As a trained Computer Scientist you’re in a good position to answer this question. Is the proposed format a good idea?

It certainly depends on whether well-designed reverse greedy algorithms are used. In recent work with Vasilis Gkatzelis (UC Berkeley) and Tim Roughgarden (Stanford University), for example, we showed that simply taking a succesful forward greedy algorithm and reversing the order in which it proceeds typically fails badly. In fact, we showed that many natural heuristics do not work.

We also showed that for so-called Knapsack auctions, in which m identical items are for sale and each bidder has a value of vi if he/she receives at least si items, no reverse greedy algorithm can achieve an approximation ratio better than O(log(m)).

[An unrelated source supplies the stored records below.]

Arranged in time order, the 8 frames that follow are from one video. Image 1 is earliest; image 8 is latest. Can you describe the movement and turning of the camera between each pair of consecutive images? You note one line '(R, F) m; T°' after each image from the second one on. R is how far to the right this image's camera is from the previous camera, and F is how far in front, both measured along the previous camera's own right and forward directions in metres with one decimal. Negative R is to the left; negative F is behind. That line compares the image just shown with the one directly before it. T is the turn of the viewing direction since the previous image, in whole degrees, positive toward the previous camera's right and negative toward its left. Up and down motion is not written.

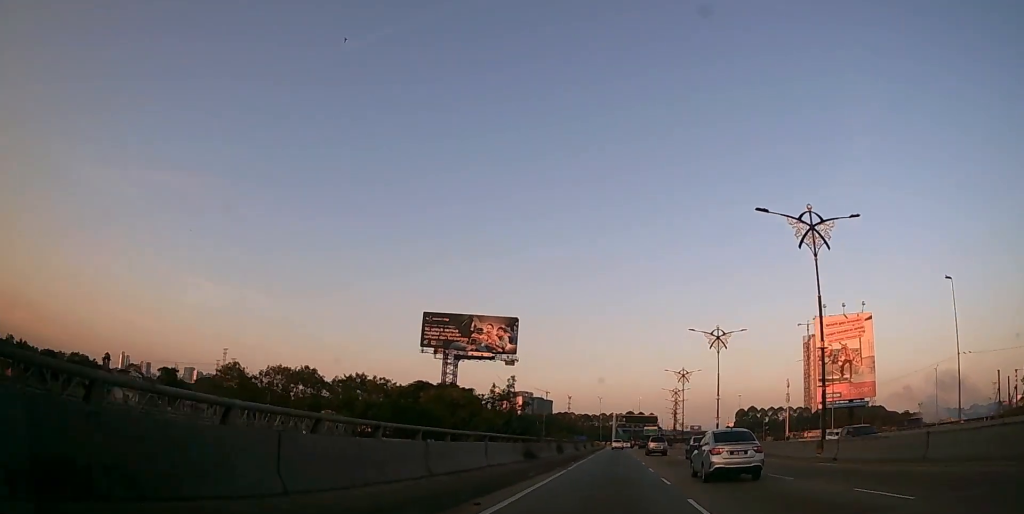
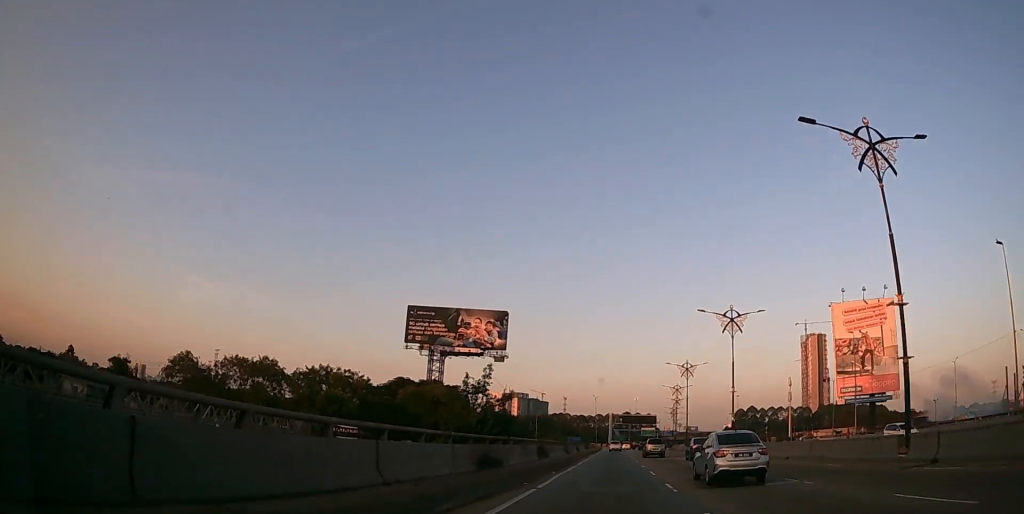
(0.0, +9.1) m; 0°
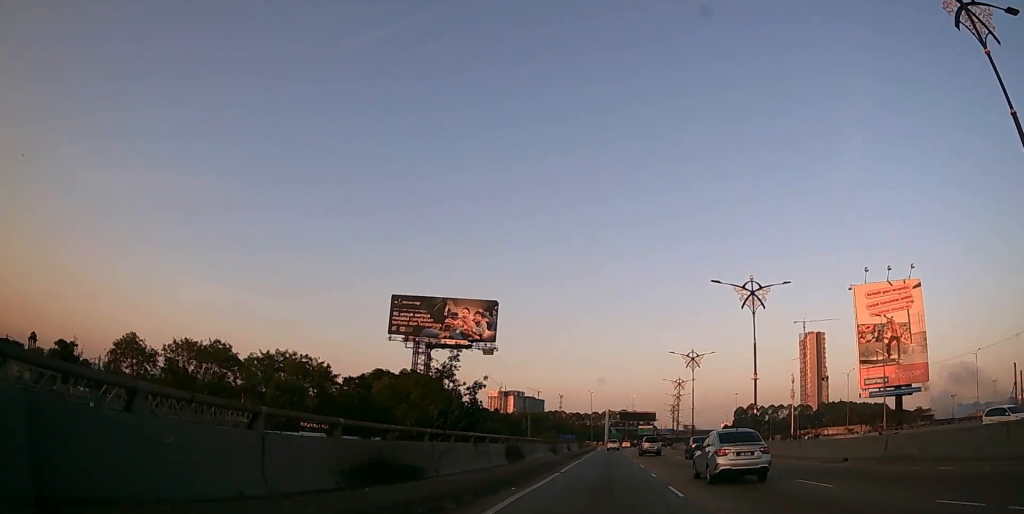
(0.0, +8.8) m; +1°
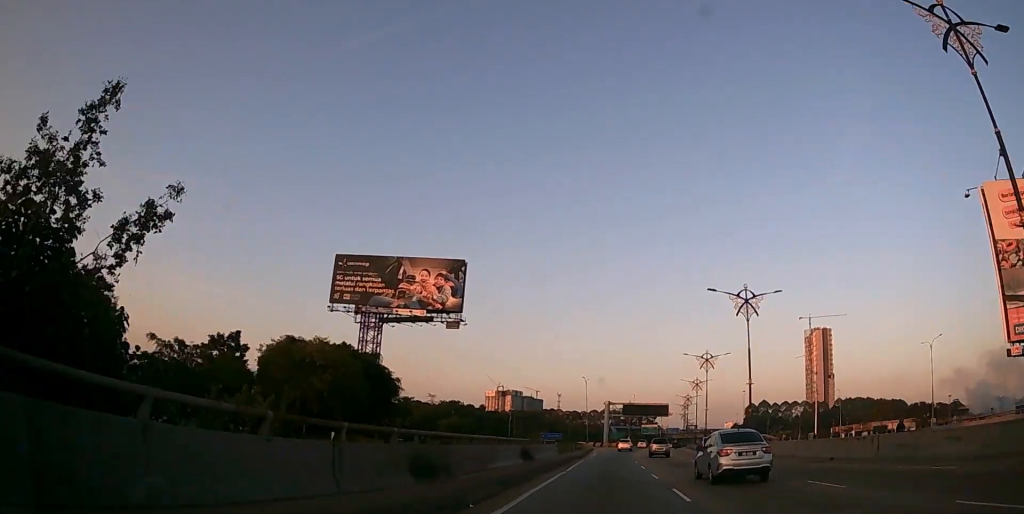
(+0.5, +29.3) m; +1°
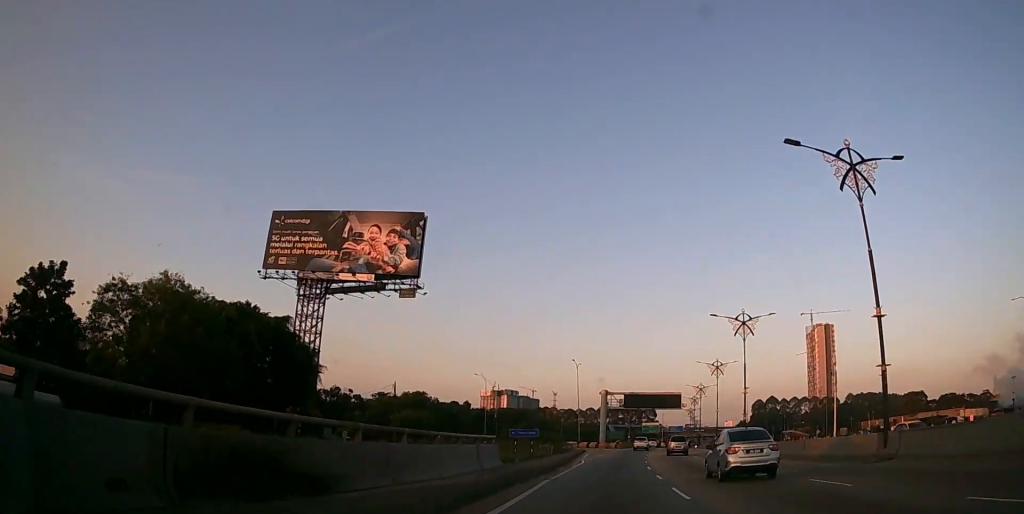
(0.0, +21.7) m; 0°
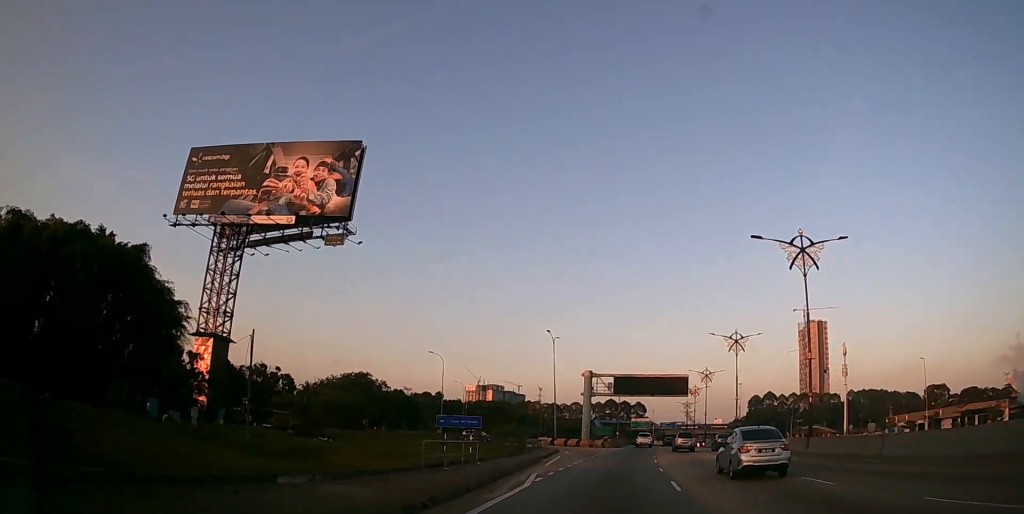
(0.0, +19.5) m; +1°
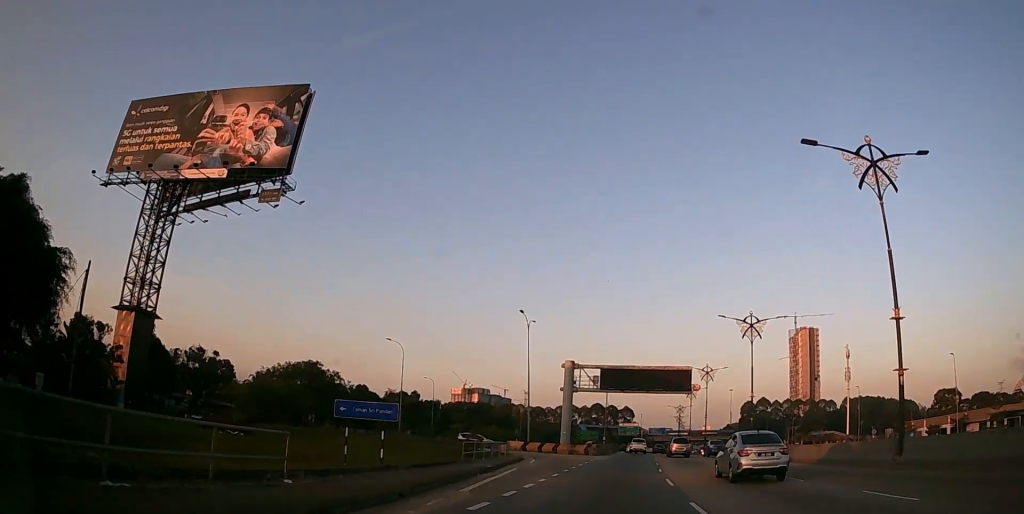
(+0.1, +11.9) m; +1°
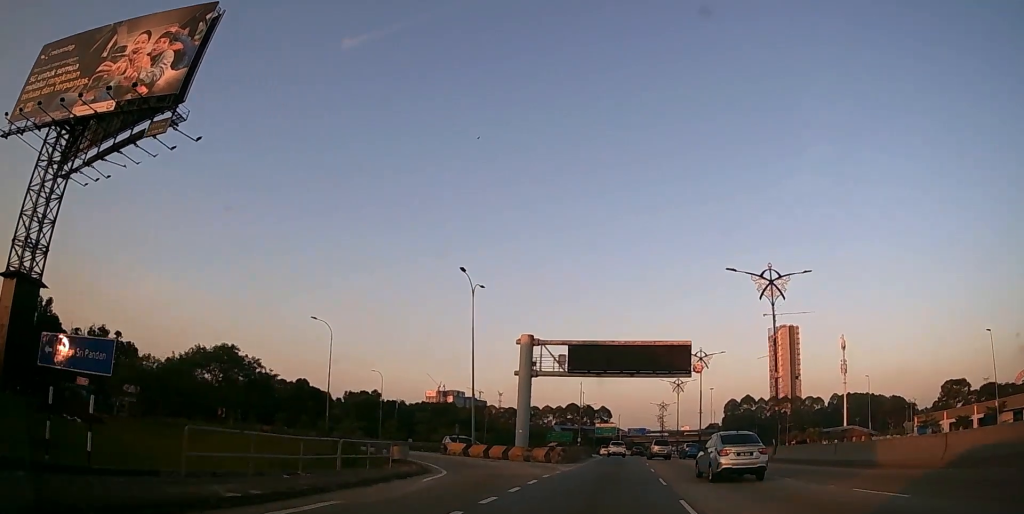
(+0.1, +13.8) m; +2°

This is considerably worse than the approximation guarantee offered by the best forward greedy algorithm, let alone the approximation guarantee of the best possible polynomial-time algorithm.

On the other hand, we were able show that for the canonical single-minded combinatorial auction problem, in which m non-identical items are for sale and each bidder has a value vi if he/she receives a (super)set of a specific bundle of items Si, carefully designed reverse greedy algorithms not only match the approximation guarantees offered by the best known forward greedy algorithms [Lehmann et al. 2002], but they also provide the best possible approximation guarantee among all polynomial-time algorithms.

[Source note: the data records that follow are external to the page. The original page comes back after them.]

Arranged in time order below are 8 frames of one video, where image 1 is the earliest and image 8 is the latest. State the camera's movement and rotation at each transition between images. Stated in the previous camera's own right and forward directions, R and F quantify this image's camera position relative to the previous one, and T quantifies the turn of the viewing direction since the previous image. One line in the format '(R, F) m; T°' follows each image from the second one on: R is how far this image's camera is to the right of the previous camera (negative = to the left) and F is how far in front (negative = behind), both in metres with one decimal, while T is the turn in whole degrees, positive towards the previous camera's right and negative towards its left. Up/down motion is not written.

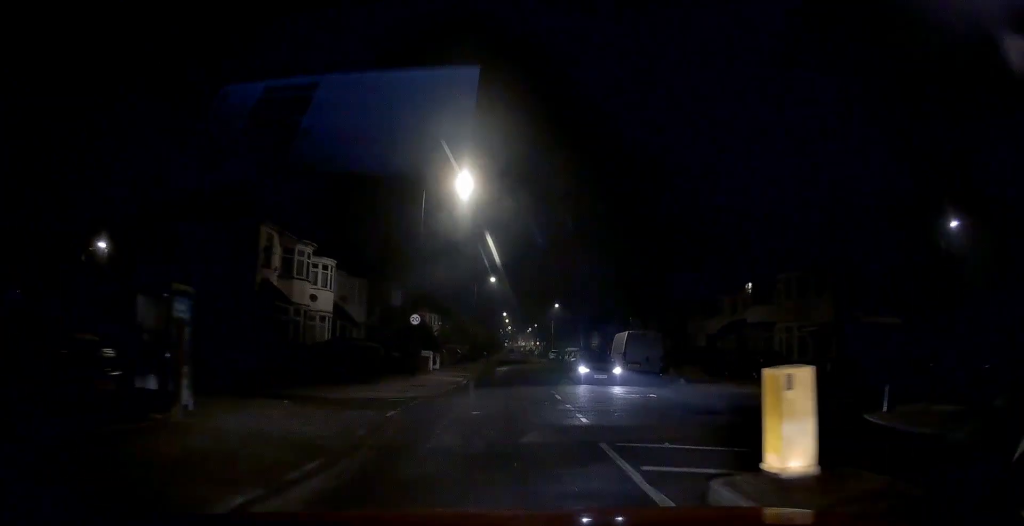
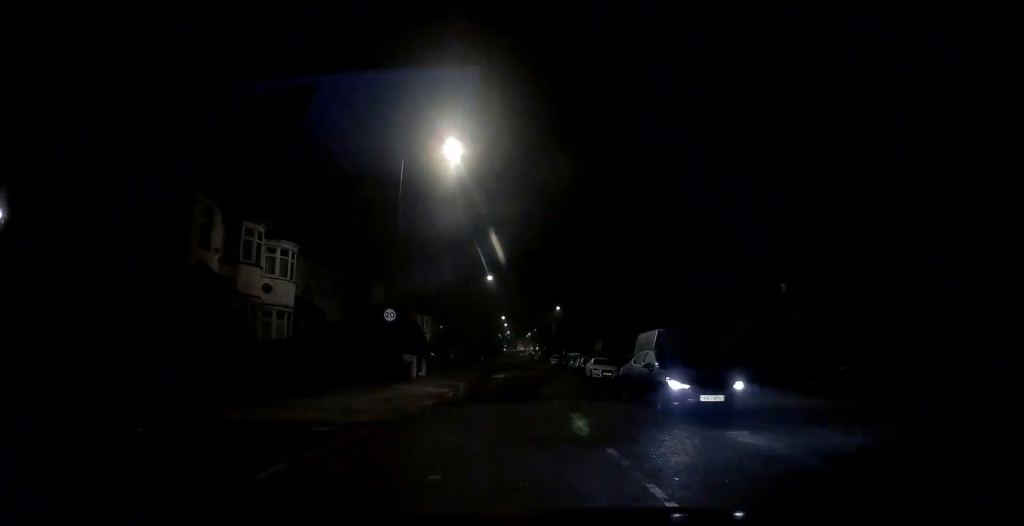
(0.0, +6.6) m; 0°
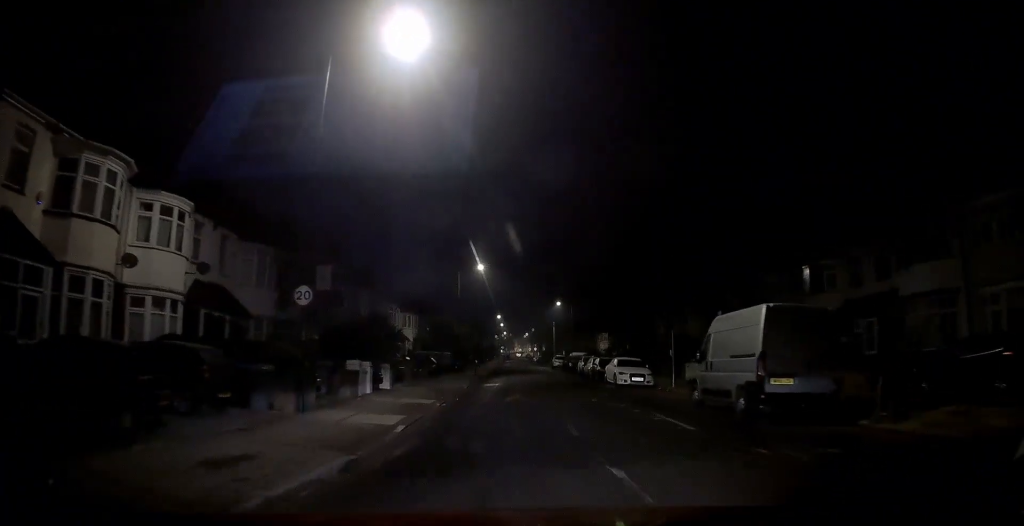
(+0.2, +11.0) m; +1°
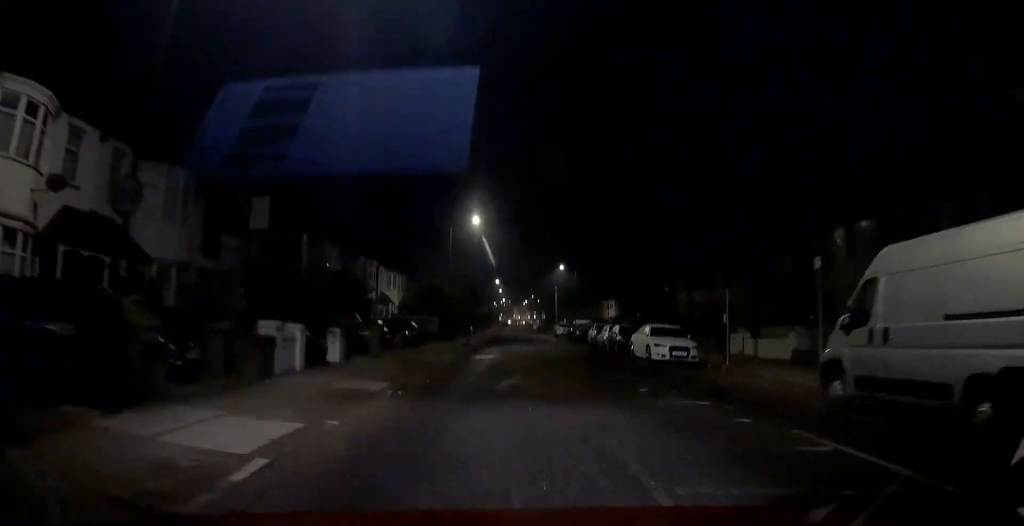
(0.0, +7.5) m; 0°
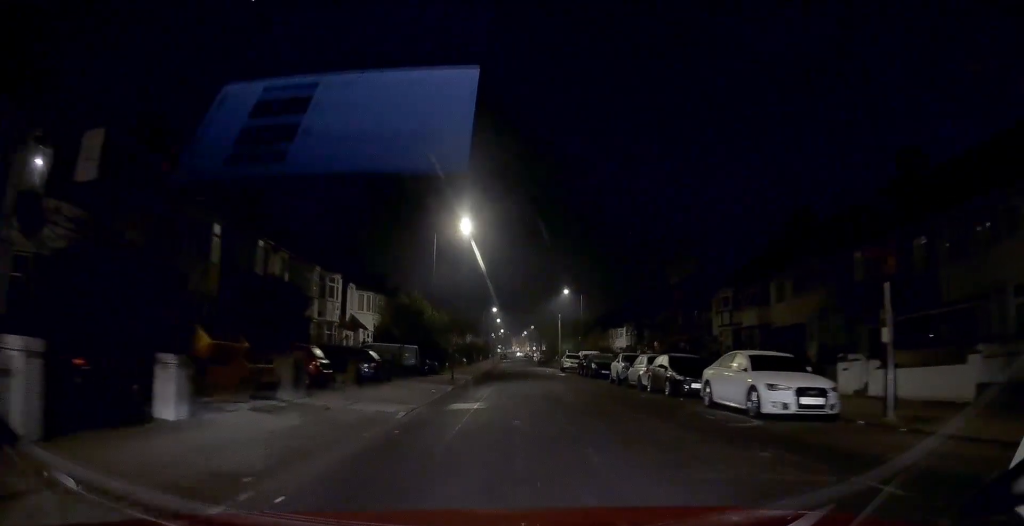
(0.0, +9.6) m; 0°
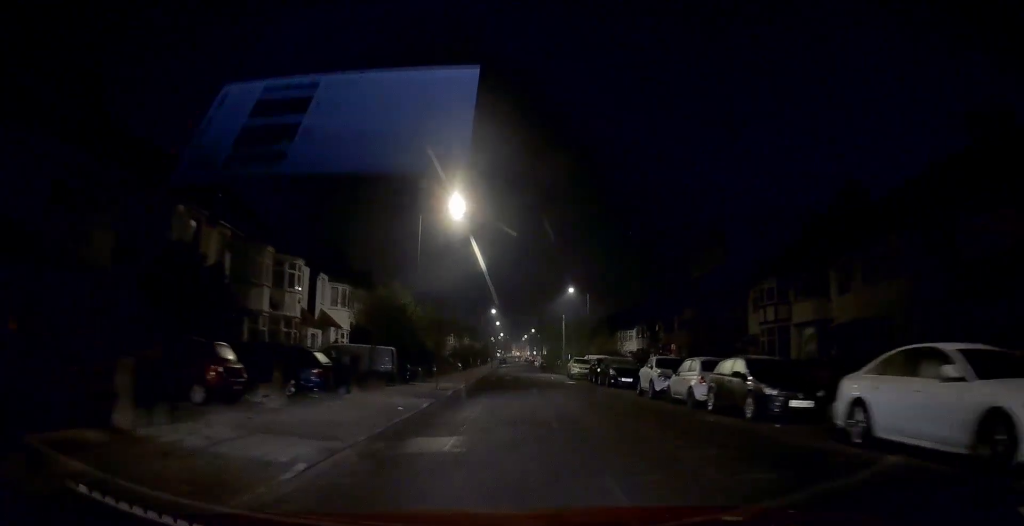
(0.0, +6.7) m; 0°
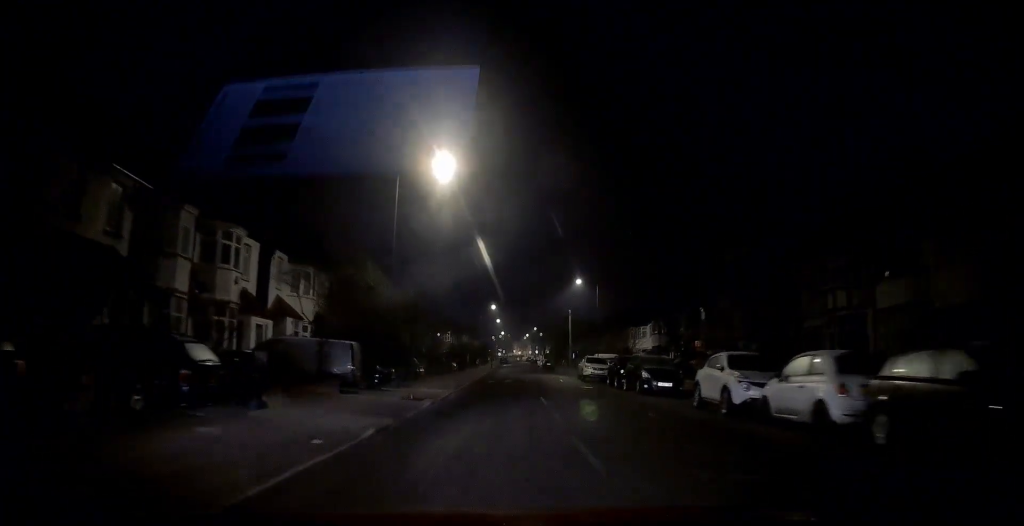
(-0.1, +7.3) m; -1°
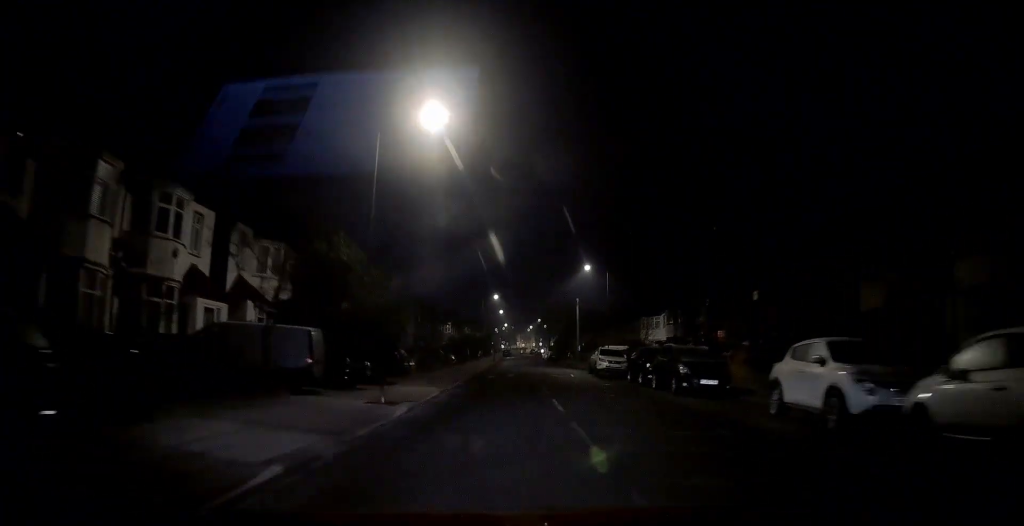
(0.0, +4.8) m; 0°

This is the result that you presented at SET for BRITAIN?

Yes, this is the result that I presented. It was great to see that politics and policy makers seek the exchange with research, and it seemed as if this work was particularly suited for such an event. In the end, it is Government policy makers who will decide on whether to run such an auction or not and if they do which format they want to use. However, as scientists we can do our part by informing this decision process.

Of course, there is nothing specific about spectrum auctions. There are, indeed, many problems in which both strategic thinking and algorithmic reasoning are required. Just consider Google’s success with Sponsored Search Auctions or up-and-coming platforms such as Uber. Both services would not be thinkable if it wasn’t for algorithms that would decide which ad to show at which price or what you have to pay for a cab ride.

It is this general field—called Algorithmic Game Theory—that fascinates me and that I explore in my research.